The Snake on the Pole

Read: John 3:14-18, Numbers 21:4-9

Not far from the famous Scripture, “For God so loved the world . . .” in John 3:16, we come upon another passage that is more cryptic: “Just as Moses lifted up the snake in the desert, so the Son of Man must be lifted up, that everyone who believes in him may have eternal life.” (John 3:14-15) What is this “lifted up snake” thing all about?

We find the answer back in Numbers chapter 21. The Israelites were wandering in the desert after the Exodus from Egypt and, as was often the case, they were mumbling and grumbling against God, complaining about how miserable their life was. They were sinful and disobedient (just as we often are). And God brought a well-deserved punishment on them: poisonous snakes that slithered through the camp biting the people. The snakebites were fatal.

The people begged Moses to intercede with God on their behalf, and he did so. God, in His endless mercy, provided salvation from the punishment for sin: a bronze snake was crafted and lifted up on a pole. The bronze snake cured the poisonous snakebites. There was just one catch: salvation was not automatic just because the snake was lifted up. Each individual had to choose to turn his head and look at the snake in order to be saved. Anyone who refused to do so would die.

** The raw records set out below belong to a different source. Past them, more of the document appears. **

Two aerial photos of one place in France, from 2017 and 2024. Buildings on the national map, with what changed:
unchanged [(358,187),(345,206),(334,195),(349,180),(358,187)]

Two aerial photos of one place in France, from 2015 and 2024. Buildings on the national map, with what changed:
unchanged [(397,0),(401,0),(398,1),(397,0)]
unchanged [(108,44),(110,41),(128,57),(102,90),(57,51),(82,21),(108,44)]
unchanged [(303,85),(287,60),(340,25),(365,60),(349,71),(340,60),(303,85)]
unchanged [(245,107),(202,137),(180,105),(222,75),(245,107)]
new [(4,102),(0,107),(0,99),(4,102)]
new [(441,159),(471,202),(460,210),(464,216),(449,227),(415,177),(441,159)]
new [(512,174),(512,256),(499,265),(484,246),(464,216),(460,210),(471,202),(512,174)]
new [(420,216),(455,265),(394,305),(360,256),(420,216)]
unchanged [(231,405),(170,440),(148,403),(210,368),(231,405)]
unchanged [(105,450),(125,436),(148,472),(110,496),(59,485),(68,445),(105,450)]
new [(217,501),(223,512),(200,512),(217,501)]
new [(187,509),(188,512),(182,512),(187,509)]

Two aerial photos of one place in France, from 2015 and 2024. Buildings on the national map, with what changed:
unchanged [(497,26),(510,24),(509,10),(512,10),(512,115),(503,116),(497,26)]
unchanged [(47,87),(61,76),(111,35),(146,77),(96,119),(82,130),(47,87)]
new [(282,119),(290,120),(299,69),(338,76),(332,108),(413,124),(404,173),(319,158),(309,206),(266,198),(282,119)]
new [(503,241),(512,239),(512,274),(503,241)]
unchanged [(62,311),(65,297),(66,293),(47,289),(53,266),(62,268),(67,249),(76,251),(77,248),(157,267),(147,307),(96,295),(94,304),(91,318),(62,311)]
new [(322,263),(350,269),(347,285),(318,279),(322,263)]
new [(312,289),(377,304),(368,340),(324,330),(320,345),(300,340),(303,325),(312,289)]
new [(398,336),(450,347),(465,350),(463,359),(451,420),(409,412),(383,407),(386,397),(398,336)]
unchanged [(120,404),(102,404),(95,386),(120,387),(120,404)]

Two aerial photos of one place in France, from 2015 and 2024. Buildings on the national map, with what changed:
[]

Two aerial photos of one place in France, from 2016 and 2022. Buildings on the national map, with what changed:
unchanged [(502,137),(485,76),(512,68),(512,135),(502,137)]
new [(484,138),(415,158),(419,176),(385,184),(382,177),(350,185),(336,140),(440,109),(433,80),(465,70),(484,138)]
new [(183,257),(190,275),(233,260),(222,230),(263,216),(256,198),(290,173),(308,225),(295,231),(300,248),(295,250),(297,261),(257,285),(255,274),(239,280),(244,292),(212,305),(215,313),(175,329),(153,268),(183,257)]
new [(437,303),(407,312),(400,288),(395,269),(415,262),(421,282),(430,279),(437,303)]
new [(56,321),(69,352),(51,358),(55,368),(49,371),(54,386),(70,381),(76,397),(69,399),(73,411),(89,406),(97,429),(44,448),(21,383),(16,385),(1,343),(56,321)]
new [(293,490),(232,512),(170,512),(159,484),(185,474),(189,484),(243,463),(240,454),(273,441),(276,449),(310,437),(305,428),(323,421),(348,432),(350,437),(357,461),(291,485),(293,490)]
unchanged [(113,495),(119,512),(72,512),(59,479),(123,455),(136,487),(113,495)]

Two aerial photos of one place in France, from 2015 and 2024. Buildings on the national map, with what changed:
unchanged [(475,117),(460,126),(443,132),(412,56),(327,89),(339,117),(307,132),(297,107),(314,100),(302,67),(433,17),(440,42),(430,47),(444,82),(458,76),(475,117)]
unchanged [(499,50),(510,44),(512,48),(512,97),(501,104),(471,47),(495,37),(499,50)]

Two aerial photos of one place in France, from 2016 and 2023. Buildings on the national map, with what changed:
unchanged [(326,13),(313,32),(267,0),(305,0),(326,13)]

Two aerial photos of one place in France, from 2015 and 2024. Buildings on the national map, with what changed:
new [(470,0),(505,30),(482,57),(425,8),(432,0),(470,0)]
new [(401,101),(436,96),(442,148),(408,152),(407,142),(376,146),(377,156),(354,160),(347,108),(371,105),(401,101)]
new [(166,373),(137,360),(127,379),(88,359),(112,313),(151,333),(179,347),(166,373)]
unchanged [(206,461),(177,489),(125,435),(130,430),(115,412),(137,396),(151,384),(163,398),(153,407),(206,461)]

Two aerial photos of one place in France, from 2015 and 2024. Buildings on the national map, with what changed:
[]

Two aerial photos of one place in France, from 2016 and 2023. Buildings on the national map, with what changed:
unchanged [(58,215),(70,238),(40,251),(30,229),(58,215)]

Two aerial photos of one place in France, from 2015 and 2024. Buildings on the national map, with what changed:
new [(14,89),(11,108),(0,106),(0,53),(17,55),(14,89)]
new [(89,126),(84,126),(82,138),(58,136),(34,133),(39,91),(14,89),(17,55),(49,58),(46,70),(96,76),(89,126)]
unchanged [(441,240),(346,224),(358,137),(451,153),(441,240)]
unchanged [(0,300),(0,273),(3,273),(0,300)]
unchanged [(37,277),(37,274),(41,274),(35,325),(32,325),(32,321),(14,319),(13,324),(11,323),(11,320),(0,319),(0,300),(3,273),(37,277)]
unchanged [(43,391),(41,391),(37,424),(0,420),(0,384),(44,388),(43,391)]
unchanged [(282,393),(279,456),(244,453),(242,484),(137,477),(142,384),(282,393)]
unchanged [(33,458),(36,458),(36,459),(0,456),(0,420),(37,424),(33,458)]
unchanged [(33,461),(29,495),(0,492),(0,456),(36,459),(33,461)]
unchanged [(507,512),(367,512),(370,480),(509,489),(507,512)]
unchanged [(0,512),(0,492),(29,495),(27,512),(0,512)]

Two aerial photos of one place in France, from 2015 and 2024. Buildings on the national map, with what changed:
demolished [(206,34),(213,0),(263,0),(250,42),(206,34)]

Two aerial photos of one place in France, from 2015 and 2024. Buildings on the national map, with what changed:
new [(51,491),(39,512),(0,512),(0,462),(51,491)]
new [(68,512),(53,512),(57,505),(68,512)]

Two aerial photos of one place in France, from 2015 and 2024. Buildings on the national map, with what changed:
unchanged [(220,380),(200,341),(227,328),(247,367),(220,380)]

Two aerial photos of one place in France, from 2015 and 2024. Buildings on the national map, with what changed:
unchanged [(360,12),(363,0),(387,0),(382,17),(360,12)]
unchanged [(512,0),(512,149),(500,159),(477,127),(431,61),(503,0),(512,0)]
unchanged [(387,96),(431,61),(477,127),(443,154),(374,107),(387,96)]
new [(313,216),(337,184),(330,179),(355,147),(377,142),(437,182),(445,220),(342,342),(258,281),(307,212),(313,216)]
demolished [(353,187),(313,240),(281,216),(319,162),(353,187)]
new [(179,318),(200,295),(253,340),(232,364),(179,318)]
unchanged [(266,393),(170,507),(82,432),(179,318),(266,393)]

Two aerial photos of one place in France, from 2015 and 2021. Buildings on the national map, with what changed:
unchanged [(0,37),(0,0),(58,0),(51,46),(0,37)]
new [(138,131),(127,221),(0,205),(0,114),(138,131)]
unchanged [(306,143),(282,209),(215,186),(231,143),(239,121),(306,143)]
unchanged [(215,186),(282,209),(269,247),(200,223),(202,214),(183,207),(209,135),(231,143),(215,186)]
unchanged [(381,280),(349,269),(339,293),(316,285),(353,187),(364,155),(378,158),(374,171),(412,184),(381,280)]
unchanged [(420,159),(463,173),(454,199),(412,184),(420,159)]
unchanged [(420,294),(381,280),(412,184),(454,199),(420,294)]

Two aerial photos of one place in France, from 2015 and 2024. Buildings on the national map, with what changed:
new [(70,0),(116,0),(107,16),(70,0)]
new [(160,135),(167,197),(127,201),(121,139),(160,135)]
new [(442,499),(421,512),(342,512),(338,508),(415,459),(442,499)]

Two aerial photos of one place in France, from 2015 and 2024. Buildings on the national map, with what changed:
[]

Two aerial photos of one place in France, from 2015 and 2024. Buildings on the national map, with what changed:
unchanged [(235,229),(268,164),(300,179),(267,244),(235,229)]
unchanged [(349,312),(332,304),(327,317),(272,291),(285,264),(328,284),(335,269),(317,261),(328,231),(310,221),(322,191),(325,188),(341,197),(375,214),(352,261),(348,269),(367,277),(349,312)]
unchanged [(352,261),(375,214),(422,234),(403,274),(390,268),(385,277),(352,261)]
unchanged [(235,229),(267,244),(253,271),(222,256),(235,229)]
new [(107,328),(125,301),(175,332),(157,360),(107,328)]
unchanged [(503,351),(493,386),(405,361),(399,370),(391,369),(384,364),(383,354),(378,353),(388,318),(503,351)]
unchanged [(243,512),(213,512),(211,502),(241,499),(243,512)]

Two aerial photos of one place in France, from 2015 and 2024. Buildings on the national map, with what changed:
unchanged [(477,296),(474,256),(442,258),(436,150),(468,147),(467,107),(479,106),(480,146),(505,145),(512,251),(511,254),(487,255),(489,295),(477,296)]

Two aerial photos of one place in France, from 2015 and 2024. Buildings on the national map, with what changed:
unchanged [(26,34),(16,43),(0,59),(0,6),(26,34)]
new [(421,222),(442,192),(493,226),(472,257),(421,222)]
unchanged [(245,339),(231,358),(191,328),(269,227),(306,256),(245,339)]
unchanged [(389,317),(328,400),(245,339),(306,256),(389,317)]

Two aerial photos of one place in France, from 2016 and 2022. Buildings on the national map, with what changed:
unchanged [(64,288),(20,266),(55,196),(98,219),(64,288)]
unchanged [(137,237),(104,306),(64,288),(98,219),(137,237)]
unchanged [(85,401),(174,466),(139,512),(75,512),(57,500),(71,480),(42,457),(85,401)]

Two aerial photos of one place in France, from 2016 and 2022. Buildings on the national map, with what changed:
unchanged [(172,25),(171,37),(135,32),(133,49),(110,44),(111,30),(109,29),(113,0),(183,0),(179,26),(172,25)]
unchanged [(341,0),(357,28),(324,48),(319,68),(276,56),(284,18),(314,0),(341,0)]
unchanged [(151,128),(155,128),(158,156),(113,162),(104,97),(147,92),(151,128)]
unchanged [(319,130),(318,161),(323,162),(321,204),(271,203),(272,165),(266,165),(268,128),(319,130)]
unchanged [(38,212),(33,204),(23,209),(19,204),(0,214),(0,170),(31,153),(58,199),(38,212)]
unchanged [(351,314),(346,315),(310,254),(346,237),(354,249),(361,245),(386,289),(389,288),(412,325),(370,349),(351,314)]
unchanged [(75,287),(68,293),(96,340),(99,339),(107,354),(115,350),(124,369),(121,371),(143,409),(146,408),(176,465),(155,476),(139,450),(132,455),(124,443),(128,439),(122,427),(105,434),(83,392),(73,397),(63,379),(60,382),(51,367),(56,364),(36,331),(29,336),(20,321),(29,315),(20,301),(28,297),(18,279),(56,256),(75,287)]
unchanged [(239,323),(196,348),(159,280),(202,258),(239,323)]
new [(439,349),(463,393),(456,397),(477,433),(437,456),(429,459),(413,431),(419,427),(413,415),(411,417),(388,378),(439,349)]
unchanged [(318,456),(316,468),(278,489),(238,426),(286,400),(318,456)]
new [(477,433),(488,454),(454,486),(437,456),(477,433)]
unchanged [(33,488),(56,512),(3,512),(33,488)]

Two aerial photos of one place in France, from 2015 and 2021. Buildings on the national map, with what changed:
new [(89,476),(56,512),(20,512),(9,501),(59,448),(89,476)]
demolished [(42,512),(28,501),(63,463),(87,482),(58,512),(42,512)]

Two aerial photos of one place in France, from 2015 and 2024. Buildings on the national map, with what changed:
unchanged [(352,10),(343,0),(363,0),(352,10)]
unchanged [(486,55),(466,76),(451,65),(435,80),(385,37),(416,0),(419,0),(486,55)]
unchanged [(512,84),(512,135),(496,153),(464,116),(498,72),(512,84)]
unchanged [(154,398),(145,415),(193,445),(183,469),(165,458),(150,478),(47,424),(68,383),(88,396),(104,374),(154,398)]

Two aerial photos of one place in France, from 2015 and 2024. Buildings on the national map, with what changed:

The interesting thing is that Jesus himself said that his crucifixion would be just like Moses lifting the snake on the pole. Just like the snake, God provided Jesus on the cross to take away the penalty for our sins. And just like the snake on the pole, this salvation is not automatic because of Jesus’ completed work. We have to “look at the snake.” We have to turn our eyes upon Jesus and accept by faith His free gift of salvation.

Scripture doesn’t tell us whether any of the Jews refused to look at the snake, and died instead. Maybe some of them said, “I just don’t believe in bronze snakes,” or “the snake may be right for you, but it’s not my truth.” Today, however, we live in the world in which millions of people choose not to look at Jesus on the cross and put their faith in Him.

Maybe there are one or two who need to hear your testimony today.